Nikolay Oskolkov (nikolay.oskolkov@scilifelab.se)
2022-08-05 15:31:06

Thank you so much for the outstanding organization and content! I learnt so much exciting things....and I love gathertown! 🙂

❤️ Laura Carrillo Olivas, Jasmin Frangenberg, Sierra Blunt, Maria Lopopolo, Yuti Gao, James Fellows Yates, Raphaela St, Christina Warinner
💯 Anan Ibrahim, James Fellows Yates, Jasmin Frangenberg
Yuti Gao (yuga3894@colorado.edu)
2022-08-05 16:00:08

Thankssssss for organising this boot camp, I were searching for materials to learn about how to do ancient microbial analysis and then saw this summer school, too good to be true! got inspired a lot and it’s so fun to see people from many different places sharing the similar science interest! 🍻

❤️ Yuti Gao, James Fellows Yates, Nikolay Oskolkov, Raphaela St, Christina Warinner
James Fellows Yates (james_fellows_yates@eva.mpg.de)
2022-08-05 20:06:11

I'm glad you enjoyed it and found it useful! Now go out and spread the knowledge!!

👍 Nikolay Oskolkov
James Fellows Yates (james_fellows_yates@eva.mpg.de)
2022-08-08 14:19:00

@channel the time (that isn't this afternoon) that most people who were interested in the re-do of setting up the git session is this Thursday - August 11th at 11am!
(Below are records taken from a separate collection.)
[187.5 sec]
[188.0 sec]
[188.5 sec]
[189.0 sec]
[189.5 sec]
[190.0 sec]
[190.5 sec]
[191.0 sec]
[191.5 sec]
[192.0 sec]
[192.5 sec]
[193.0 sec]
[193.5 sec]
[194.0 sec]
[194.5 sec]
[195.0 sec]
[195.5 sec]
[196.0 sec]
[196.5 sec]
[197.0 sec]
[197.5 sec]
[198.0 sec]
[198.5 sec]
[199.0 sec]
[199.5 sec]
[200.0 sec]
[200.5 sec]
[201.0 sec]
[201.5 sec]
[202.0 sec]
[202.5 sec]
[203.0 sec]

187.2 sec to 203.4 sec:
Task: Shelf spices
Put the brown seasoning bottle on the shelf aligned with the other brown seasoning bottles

Please mark that in your calendars. We will meet in gather.town again 🙂

You're also welcome to join if you didn't fill in the when2meet or the poll!
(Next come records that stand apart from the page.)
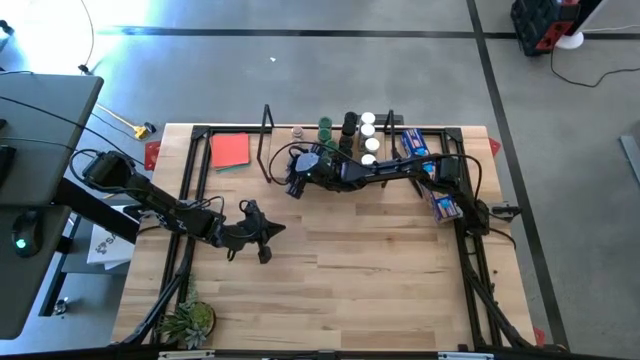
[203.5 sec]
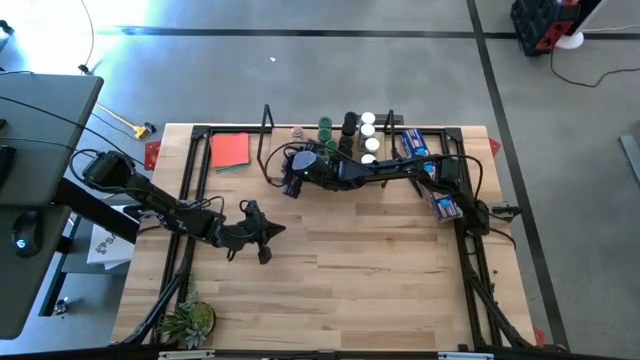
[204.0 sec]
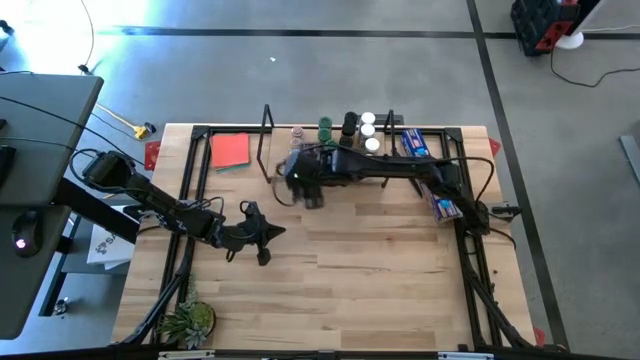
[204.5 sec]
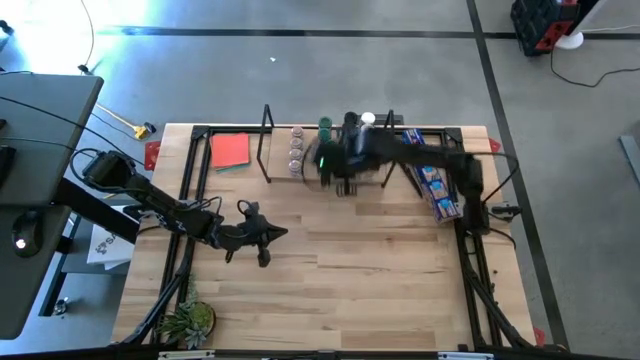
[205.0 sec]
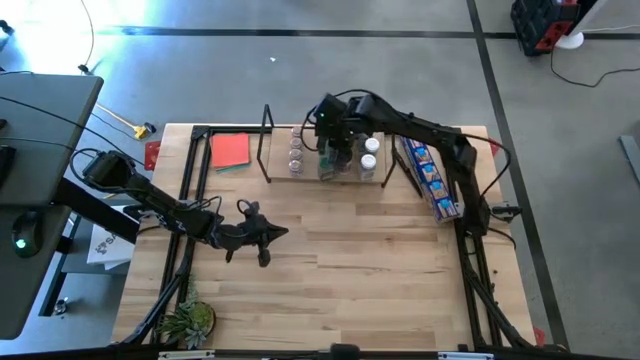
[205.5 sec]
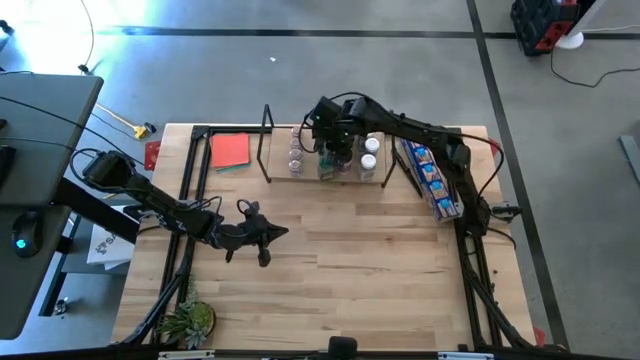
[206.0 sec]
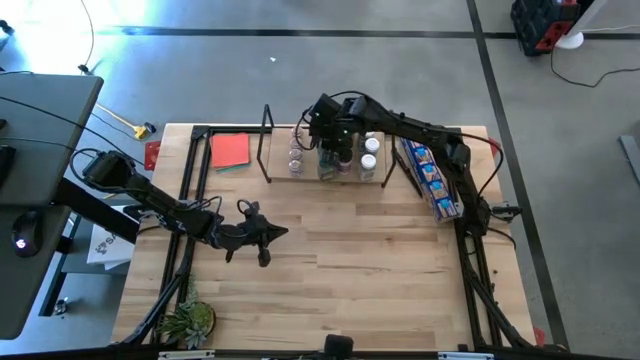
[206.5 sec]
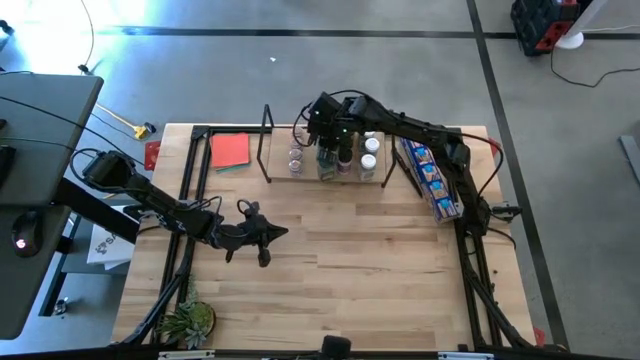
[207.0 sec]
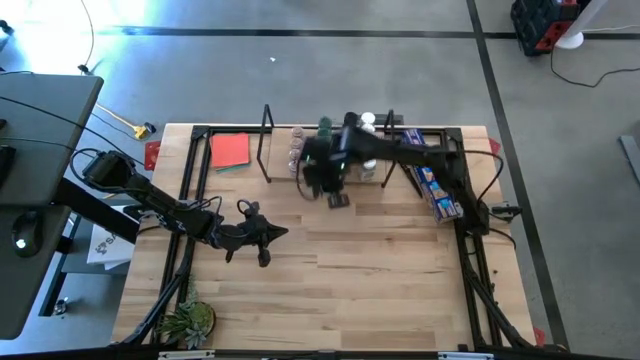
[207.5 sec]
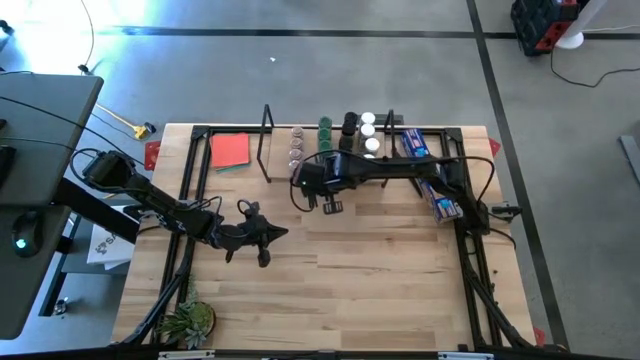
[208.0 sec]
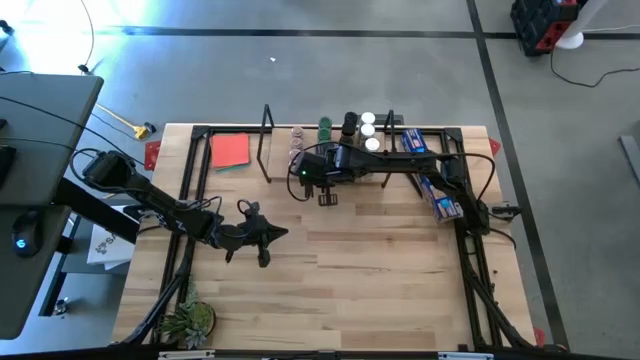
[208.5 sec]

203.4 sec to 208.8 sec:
Adjust the green seasoning bottles

We will be setting up hte SHH keys properly for you all on your laptops/computers/servers, whereever you want 😉

👀 Maria Lopopolo
👍 Mohamed Sarhan, Laura Carrillo Olivas
James Fellows Yates (james_fellows_yates@eva.mpg.de)
2022-08-08 14:19:30

PM your google account if you want a google calendar invit

👍 Laura Carrillo Olivas
Laura Carrillo Olivas (laura-carrillo-olivas@hotmail.com)
2022-08-09 14:31:38
James Fellows Yates (james_fellows_yates@eva.mpg.de)
2022-08-09 14:32:03

*Thread Reply:* Invited you can delete this messag eif you want 🙂

James Fellows Yates (james_fellows_yates@eva.mpg.de)
2022-08-11 11:00:58

@channel we are starting teh git v2 thing (/personal git set up)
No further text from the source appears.